冯芜走出几米,总觉得身后有双眼睛,在不怀好意地盯着她。

    到家后,冯芜把门锁死,那股如影随形的恐惧尚未消失,每一根毛孔都悚着,裙子被冷汗浸湿一大块。

    “怎么回事,”看不清这边状况,徐茵急问,“碰见谁了?门锁好没?”

    冯芜悄悄吁出口气,身子骨一软,往沙发里窝:“没事,可能我想多了。”

    “你自己住可不得想多吗,”徐茵皱眉,“到底怎么回事?”

    冯芜喘了口气:“他没按楼层键。”

    “嗯。”

    冯芜讷讷道:“我新闻看多了,有点怕嘛,给你拨视频时,他又按了。”

    “宝贝,要不你搬来我这儿住吧,”徐茵不大放心,“你那老破小,门卫形同虚设,谁都能进。”

    冯芜心不在焉,兀自出神。

    等徐茵絮叨半晌,冯芜蹭地坐直,上半身冷汗涔涔:“他按的是顶楼。
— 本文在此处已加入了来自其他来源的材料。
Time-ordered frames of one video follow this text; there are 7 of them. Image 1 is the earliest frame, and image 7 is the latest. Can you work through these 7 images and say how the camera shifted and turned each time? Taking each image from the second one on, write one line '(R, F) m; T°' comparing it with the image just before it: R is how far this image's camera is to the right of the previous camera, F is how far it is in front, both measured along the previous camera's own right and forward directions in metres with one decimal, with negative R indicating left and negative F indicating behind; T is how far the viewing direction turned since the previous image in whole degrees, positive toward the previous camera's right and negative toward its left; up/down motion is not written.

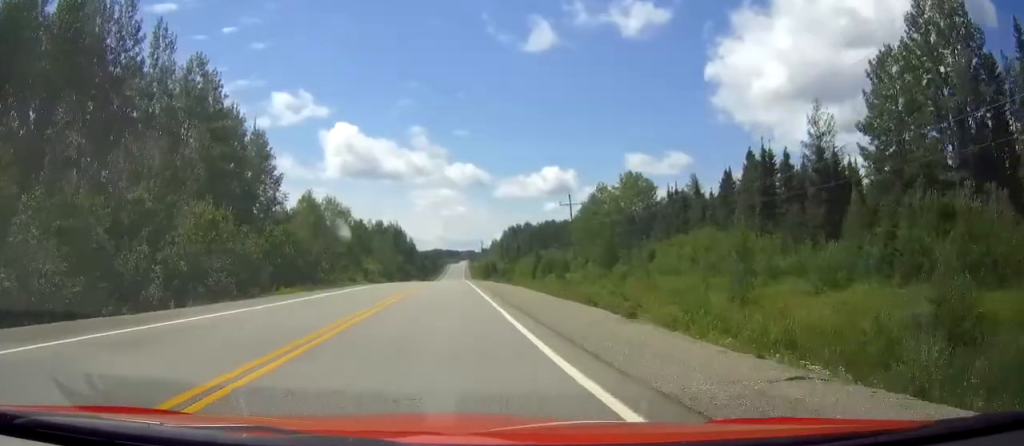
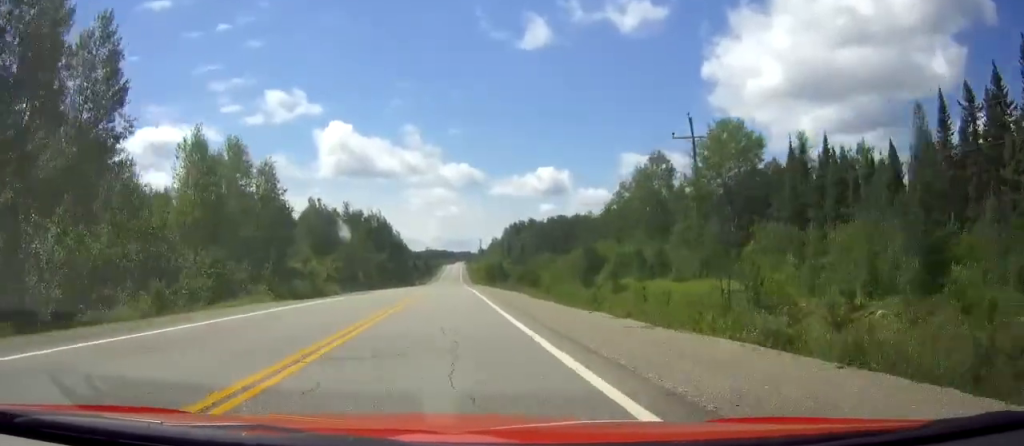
(+0.1, +38.2) m; +1°
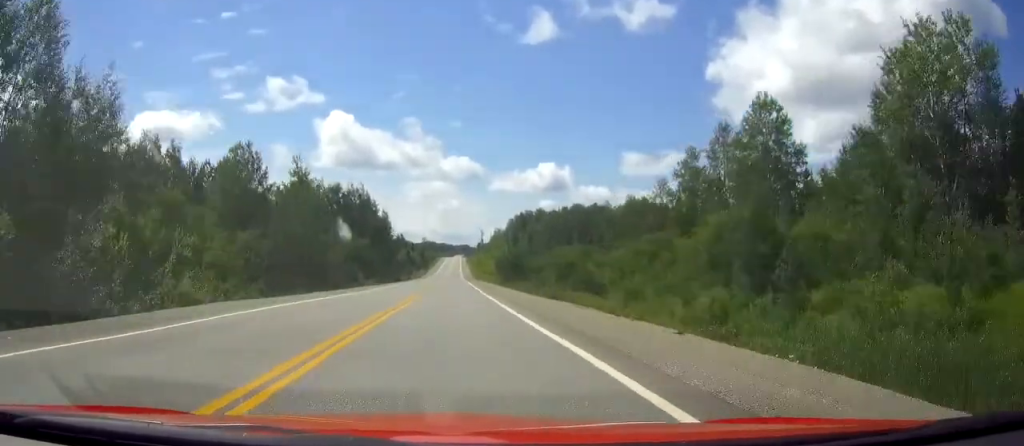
(+0.1, +33.2) m; 0°
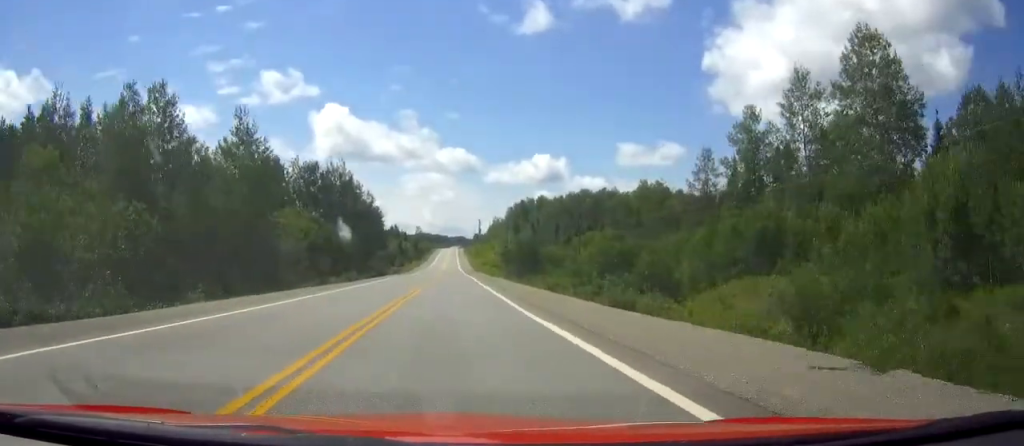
(0.0, +18.7) m; 0°
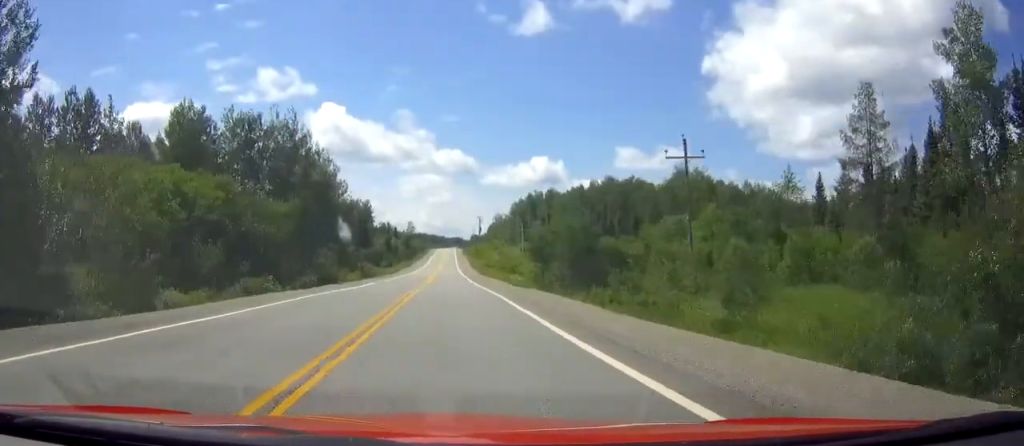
(+0.1, +34.2) m; 0°
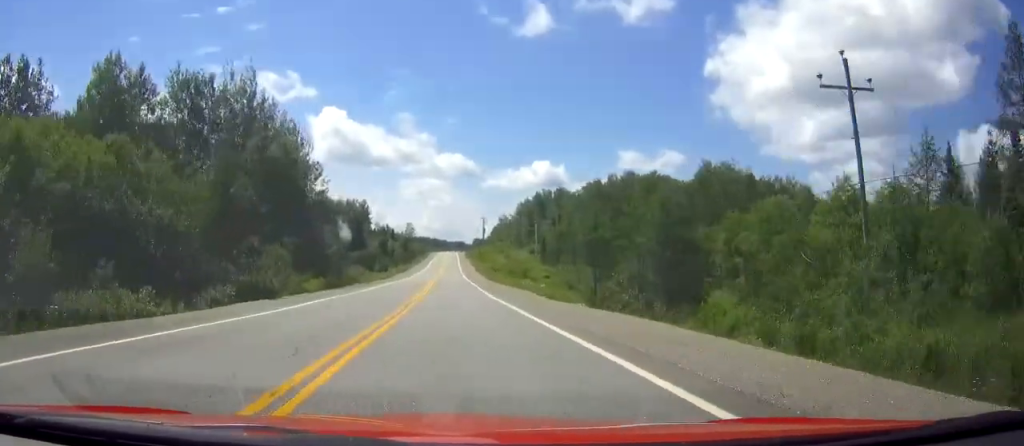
(0.0, +17.6) m; 0°
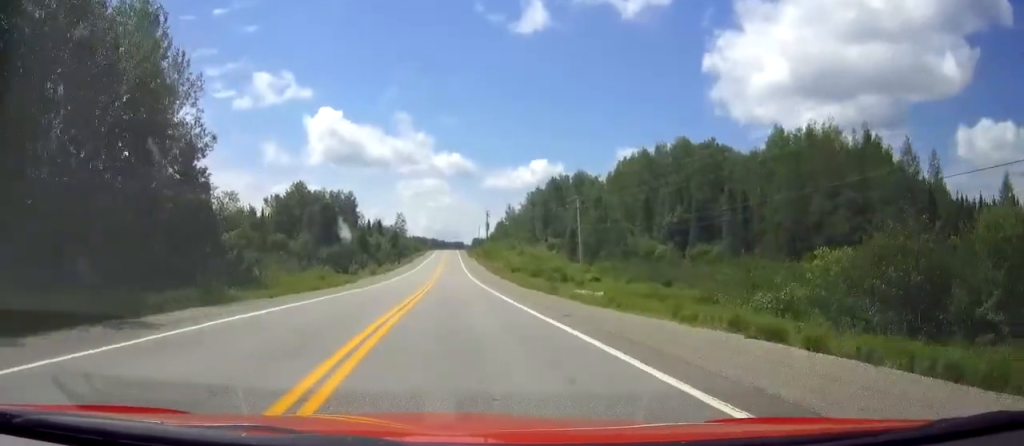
(0.0, +37.1) m; 0°

”

    “......”徐茵不由得止了话头,“顶楼怎么了?”

    “顶楼是公共阳台,”冯芜快速道,“我前几天上去瞧过,想看看有没有适合晒被子的地方,结果铁门是被锁住的,物业说,次顶楼的住户投诉天花板漏水,便暂时禁用,要维修。”

    而那个男人在大半夜的时候摁了顶楼键,大约只有一个可能,他压根不知道顶楼是封住的。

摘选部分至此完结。